§ What is being asked:
Write out the data again exactly, skipping every picture.
# # #
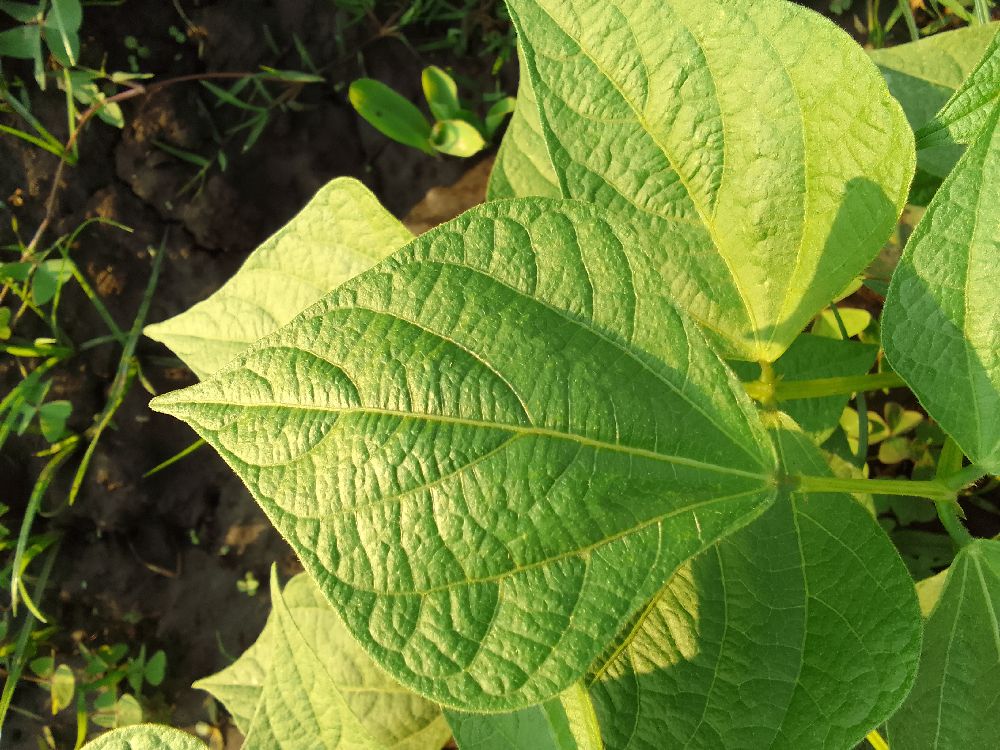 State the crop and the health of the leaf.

common bean, healthy
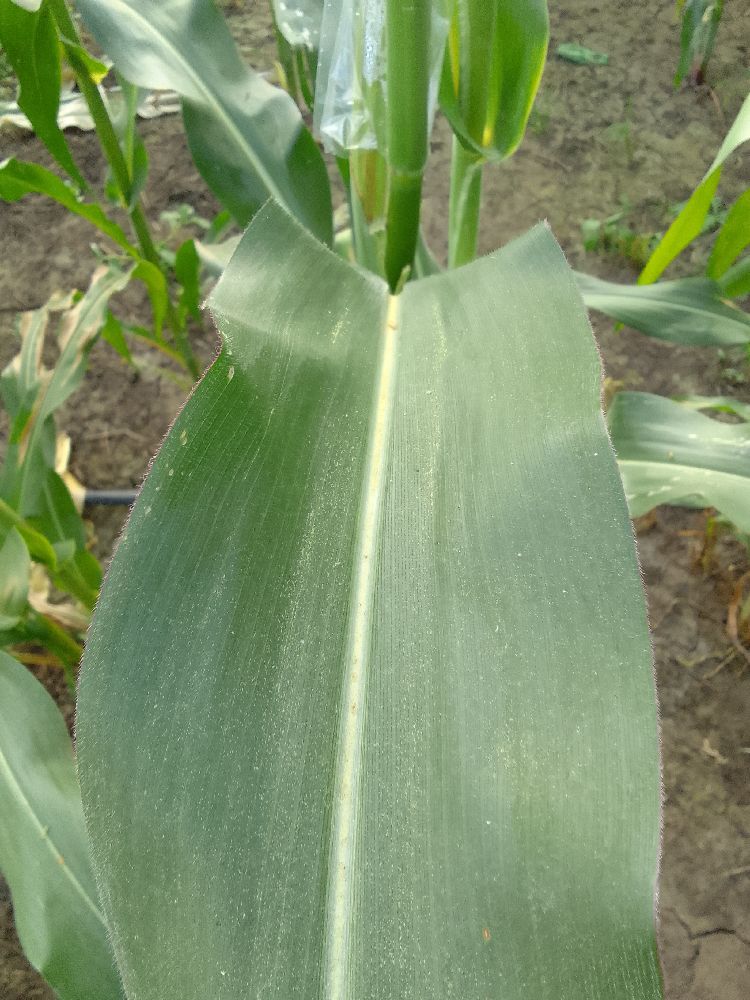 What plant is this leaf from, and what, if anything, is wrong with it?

maize, healthy
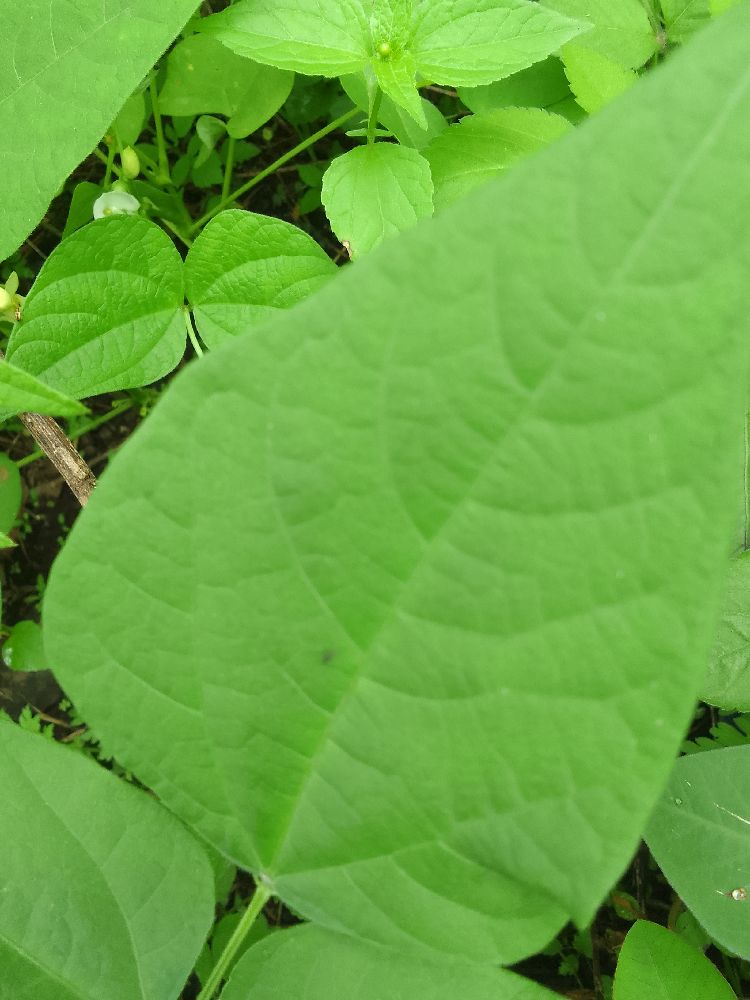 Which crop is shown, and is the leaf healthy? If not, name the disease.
# # #
§ Result for this exercise:
 State the crop and the health of the leaf.

common bean, healthy
 What plant is this leaf from, and what, if anything, is wrong with it?

maize, healthy
 Which crop is shown, and is the leaf healthy? If not, name the disease.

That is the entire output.